目的
このチュートリアルでは、処理群とコントロール群のPBMC(人外周血単核球)データセットを統合し、細胞タイプ特異的な反応と統合の役割を理解することを目的としています。ここでは、Seuratを使用して複雑な細胞タイプの比較分析を行う方法を紹介します。
目標
- 両データセットに存在する細胞タイプの識別
- コントロール群と処理群で共通する細胞タイプマーカーの取得
- 刺激による特異的反応を示す細胞タイプの探索
オブジェクトの作成
まず、2つのカウント行列を読み込み、Seuratオブジェクトを作成します。
# パッケージの読み込み
library(Seurat)
library(cowplot)
# データの読み込み
ctrl_data <- read.table(file = "../data/immune_control_expression_matrix.txt.gz", sep = "\t")
stim_data <- read.table(file = "../data/immune_stimulated_expression_matrix.txt.gz", sep = "\t")
# コントロール群オブジェクトの作成
control <- CreateSeuratObject(counts = ctrl_data, project = "IMMUNE_CTRL", min.cells = 5)
control$condition <- "CTRL"
control <- subset(control, subset = nFeature_RNA > 500)
control <- NormalizeData(control, verbose = FALSE)
control <- FindVariableFeatures(control, selection.method = "vst", nfeatures = 2000)
# 処理群オブジェクトの作成
stimulated <- CreateSeuratObject(counts = stim_data, project = "IMMUNE_STIM", min.cells = 5)

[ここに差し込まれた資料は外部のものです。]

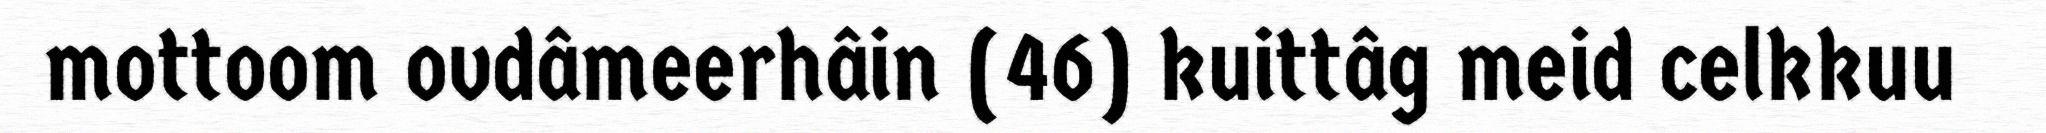
mottoom ovdâmeerhâin (46) kuittâg meid celkkuu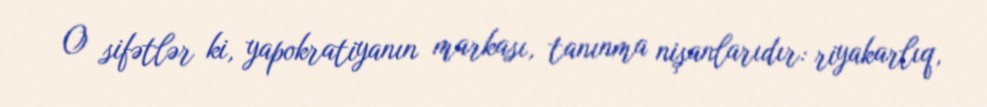
O sifətlər ki, yapokratiyanın markası, tanınma nişanlarıdır: riyakarlıq,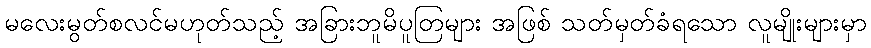
မလေးမွတ်စလင်မဟုတ်သည့် အခြားဘူမိပူတြများ အဖြစ် သတ်မှတ်ခံရသော လူမျိုးများမှာ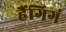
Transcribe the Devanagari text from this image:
हैंगिगं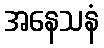
အနေသနံ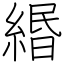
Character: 緡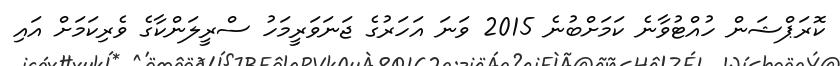
ކޮރަޕްޝަން ހުއްޓުވާނެ ކަމަށްބުނެ 2015 ވަނަ އަހަރުގެ ޖަނަވަރީމަހު ސްރީލަންކާގެ ވެރިކަމަށް އައި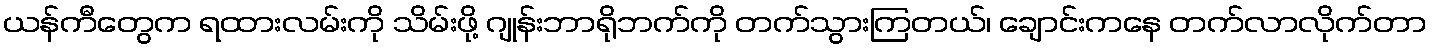
ယန်ကီတွေက ရထားလမ်းကို သိမ်းဖို့ ဂျုန်းဘာရိုဘက်ကို တက်သွားကြတယ်၊ ချောင်းကနေ တက်လာလိုက်တာ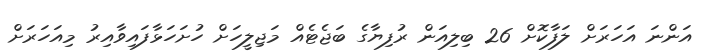
އަންނަ އަހަރަށް ލަފާކޮށް 26 ބިލިއަން ރުފިޔާގެ ބަޖެޓެއް މަޖިލީހަށް ހުށަހަޅާފައިވާއިރު މިއަހަރަށް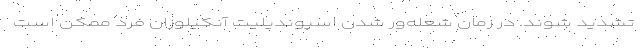
تشدید شوند. در زمان شعله‌ور شدن اسپوندیلیت آنکیلوزان فرد ممکن است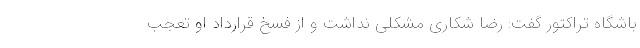
باشگاه تراکتور گفت: رضا شکاری مشکلی نداشت و از فسخ قرارداد او تعجب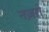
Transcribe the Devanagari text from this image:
नज़रो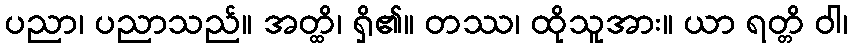
ပညာ၊ ပညာသည်။ အတ္ထိ၊ ရှိ၏။ တဿ၊ ထိုသူအား။ ယာ ရတ္တိ ဝါ၊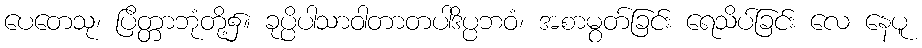
ပေတေသု၊ ပြိတ္တာဘုံတို့၌။ ခုပ္ပိပါသာဝါတာတပါဒိပ္ပဘဝံ၊ အစာမွတ်ခြင်း ရေသိပ်ခြင်း လေ နေပူ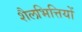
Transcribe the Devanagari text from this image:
शैलभित्तियों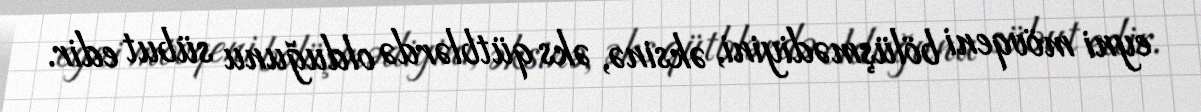
eyni mövqeni bölüşmədiyini, əksinə, əks qütblərdə olduğunu sübut edir.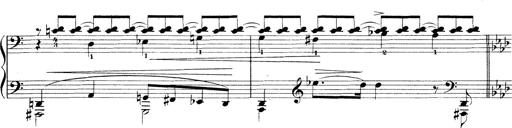
Title: 3 Ã‰tudes de concert
Composer: Franz Liszt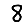
Digit: 8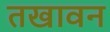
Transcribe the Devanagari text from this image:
तखावन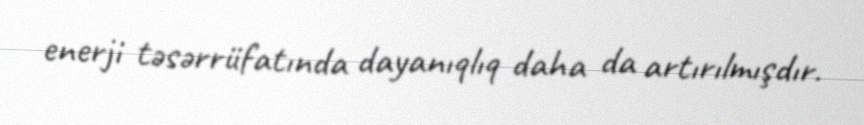
enerji təsərrüfatında dayanıqlıq daha da artırılmışdır.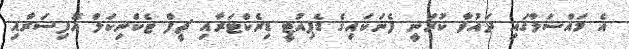
އެ މައްސަލާގައި ދައުވާ ކުރަނީ ފެނަކައިގެ ޑެޕިއުޓީ ޑިރެކްޓަރާއި ޗީފް ޓެކްނިކަލް އޮފިސަރާއި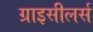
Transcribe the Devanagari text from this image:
ग्राइसीलर्स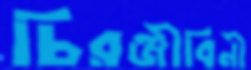
চিরঞ্জীবিনী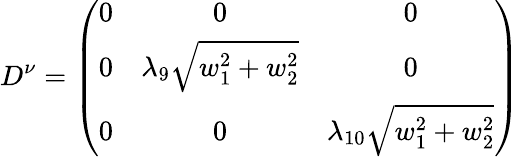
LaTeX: D^{\nu}=\left(\begin{array}{ccc}{{0}}&{{0}}&{{0}}\\ {{0}}&{{\lambda_{9}\sqrt{w_{1}^{2}+w_{2}^{2}}}}&{{0}}\\ {{0}}&{{0}}&{{\lambda_{10}\sqrt{w_{1}^{2}+w_{2}^{2}}}}\end{array}\right)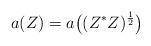
LaTeX: \begin{align*}a(Z) = a\big((Z^*Z)^\frac{1}{2}\big)\end{align*}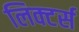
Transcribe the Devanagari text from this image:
लिक्टर्स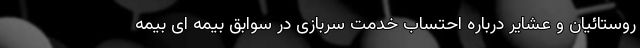
روستائیان و عشایر درباره احتساب خدمت سربازی در سوابق بیمه ای بیمه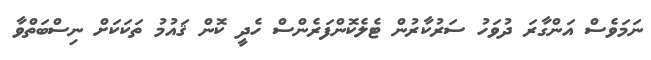
ނަމަވެސް އަންގާރަ ދުވަހު ސަރުކާރުން ޓެލެކޮންފަރެންސް ހެދީ ކޮން ޤައުމު ތަކަކަށް ނިސްބަތްވާ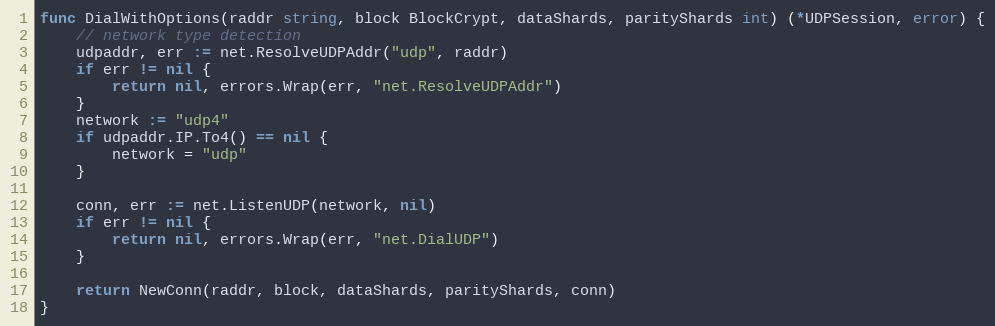
Language: Go
func DialWithOptions(raddr string, block BlockCrypt, dataShards, parityShards int) (*UDPSession, error) {
	// network type detection
	udpaddr, err := net.ResolveUDPAddr("udp", raddr)
	if err != nil {
		return nil, errors.Wrap(err, "net.ResolveUDPAddr")
	}
	network := "udp4"
	if udpaddr.IP.To4() == nil {
		network = "udp"
	}

	conn, err := net.ListenUDP(network, nil)
	if err != nil {
		return nil, errors.Wrap(err, "net.DialUDP")
	}

	return NewConn(raddr, block, dataShards, parityShards, conn)
}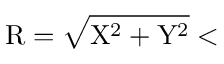
{ \mathrm R } = \sqrt { { \mathrm X } ^ { 2 } + { \mathrm Y } ^ { 2 } } <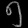
Digit: ၅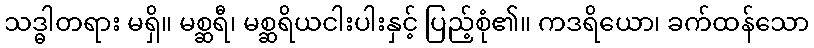
သဒ္ဓါတရား မရှိ။ မစ္ဆရီ၊ မစ္ဆရိယငါးပါးနှင့် ပြည့်စုံ၏။ ကဒရိယော၊ ခက်ထန်သော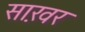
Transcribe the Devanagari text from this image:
सा़खर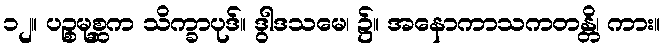
၁၂။ ပဉ္စမုစ္ဆက သိက္ခာပုဒ်။ ဒွါဒသမေ၊ ၌။ အနောကာသကတန္တိ၊ ကား။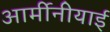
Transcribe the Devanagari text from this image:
आर्मीनीयाई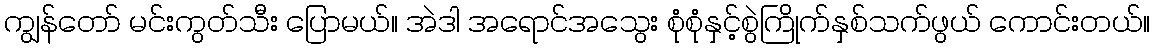
ကျွန်တော် မင်းကွတ်သီး ပြောမယ်။ အဲဒါ အရောင်အသွေး စုံစုံနှင့်စွဲကြိုက်နှစ်သက်ဖွယ် ကောင်းတယ်။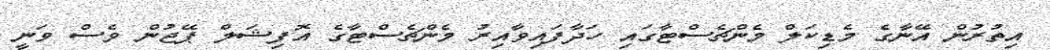
އިތުރުން އޭނާގެ މެޑިކަލް މެންޗެސްޓާގައި ހަދާފައިވާއިރު މެންޗެސްޓާގެ އޮފިޝަލް ޕޭޖުން ވެސް ވަނީ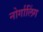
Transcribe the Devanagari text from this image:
नोर्गालिंग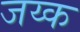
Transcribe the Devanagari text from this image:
जय्क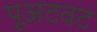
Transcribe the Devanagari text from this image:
पूअटवट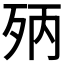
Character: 𣧰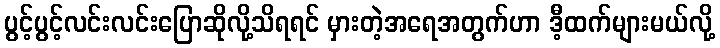
ပွင့်ပွင့်လင်းလင်းပြောဆိုလို့သိရရင် မှားတဲ့အရေအတွက်ဟာ ဒီ့ထက်များမယ်လို့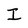
Character: I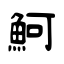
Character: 魺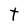
Character: t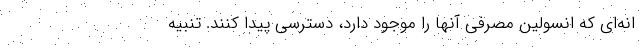
انه‌ای که انسولین مصرفی آنها را موجود دارد، دسترسی پیدا کنند. تنبیه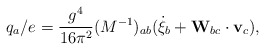
\begin{align*}q_a/e = \frac{g^4}{16\pi^2}(M^{-1})_{ab}(\dot\xi_b + {\bf W}_{bc}\cdot {\bf v}_c ),\end{align*}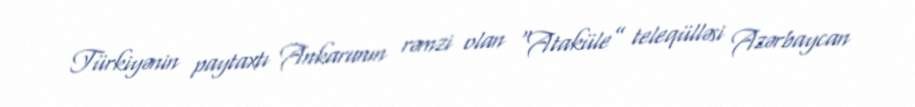
Türkiyənin paytaxtı Ankaranın rəmzi olan “Ataküle” teleqülləsi Azərbaycan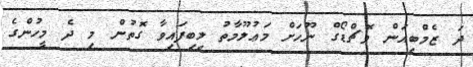
ދަ ޒެމްބިއަން ވޮޗްޑޯގް ނޫހަށް މަޢުލޫމާތު ލިބިފައިވާ ގޮތުން މި ދެ މީހުންގެ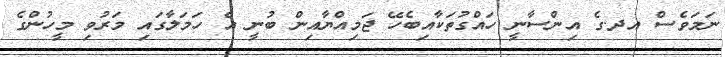
ނަމަވެސް އދ.ގެ އިންސާނީ ހައްގުތަކާއިބެހޭ ޖަމިއްޔާއިން ބުނީ އެ ހަމަލާގައި މަރުވި މީހުންގެ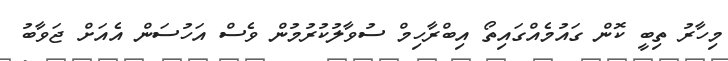
މިހާރު ތިބީ ކޮން ގައުމެއްގައިތޯ އިބްރާހިމް ސުވާލުކުރުމުން ވެސް އަހުސަން އެއަށް ޖަވާބު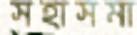
সহাসমা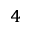
_ { 4 }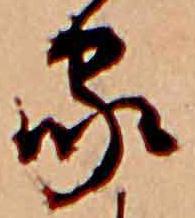
家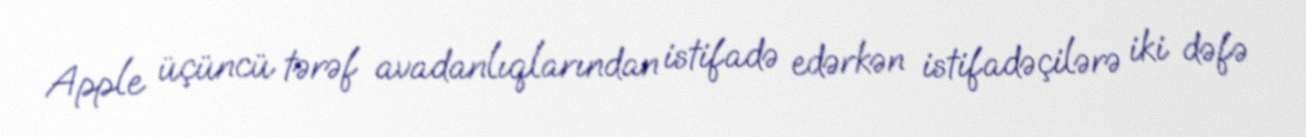
Apple üçüncü tərəf avadanlıqlarından istifadə edərkən istifadəçilərə iki dəfə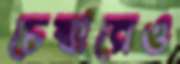
চেম্বারেও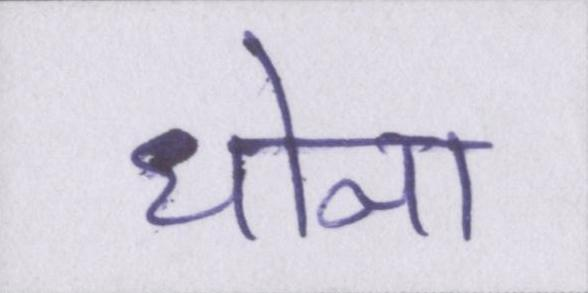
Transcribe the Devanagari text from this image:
धोना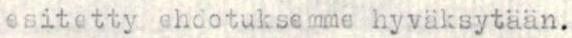
esitetty ehdotuksemme hyväksytään.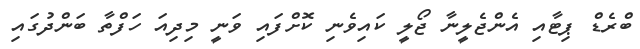
ބްރެޑް ޕިޓާއި އެންޖެލީނާ ޖޯލީ ކައިވެނި ކޮށްފައި ވަނީ މިދިއަ ހަފްތާ ބަންދުގައި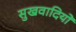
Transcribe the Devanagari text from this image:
सुखवादियों

stimulated$condition <- "STIM"
stimulated <- subset(stimulated, subset = nFeature_RNA > 500)
stimulated <- NormalizeData(stimulated, verbose = FALSE)
stimulated <- FindVariableFeatures(stimulated, selection.method = "vst", nfeatures = 2000)
統合
次に、FindIntegrationAnchors関数を使用してアンカーを識別し、IntegrateData関数を使って2つのデータセットを統合します。
# アンカーの識別
anchors <- FindIntegrationAnchors(object.list = list(control, stimulated), dims = 1:20)
# 統合
combined <- IntegrateData(anchorset = anchors, dims = 1:20)
全体的な分析
統合されたデータセットに対して、可視化とクラスタリングの標準ワークフローを実行します。
DefaultAssay(combined) <- "integrated"
# スケーリングとPCA
combined <- ScaleData(combined, verbose = FALSE)
combined <- RunPCA(combined, npcs = 30, verbose = FALSE)
# t-SNEとクラスタリング
combined <- RunUMAP(combined, reduction = "pca", dims = 1:20)
combined <- FindNeighbors(combined, reduction = "pca", dims = 1:20)
combined <- FindClusters(combined, resolution = 0.5)
# 可視化
p1 <- DimPlot(combined, reduction = "umap", group.by = "condition")
p2 <- DimPlot(combined, reduction = "umap", label = TRUE)
plot_grid(p1, p2)
# 条件ごとの可視化
DimPlot(combined, reduction = "umap", split.by = "condition")
保守的なマーカーの識別
条件間で保守的な細胞タイプマーカーを識別するために、FindConservedMarkers関数を使用します。
DefaultAssay(combined) <- "RNA"
conserved_markers <- FindConservedMarkers(combined, ident.1 = 7, grouping.var = "condition", verbose = FALSE)
head(conserved_markers)
# マーカーの可視化
FeaturePlot(combined, features = c("CD3D", "SELL", "CREM", "CD8A", "GNLY", "CD79A", "FCGR3A",
"CCL2", "PPBP"), min.cutoff = "q9")
# クラスターの名前変更
combined <- RenameIdents(combined, `0` = "CD14 Mono", `1` = "CD4 Naive T", `2` = "CD4 Memory T",
`3` = "CD16 Mono", `4` = "B", `5` = "CD8 T", `6` = "T activated", `7` = "NK", `8` = "DC", `9` = "B Activated",
`10` = "Mk", `11` = "pDC", `12` = "Eryth", `13` = "Mono/Mk Doublets")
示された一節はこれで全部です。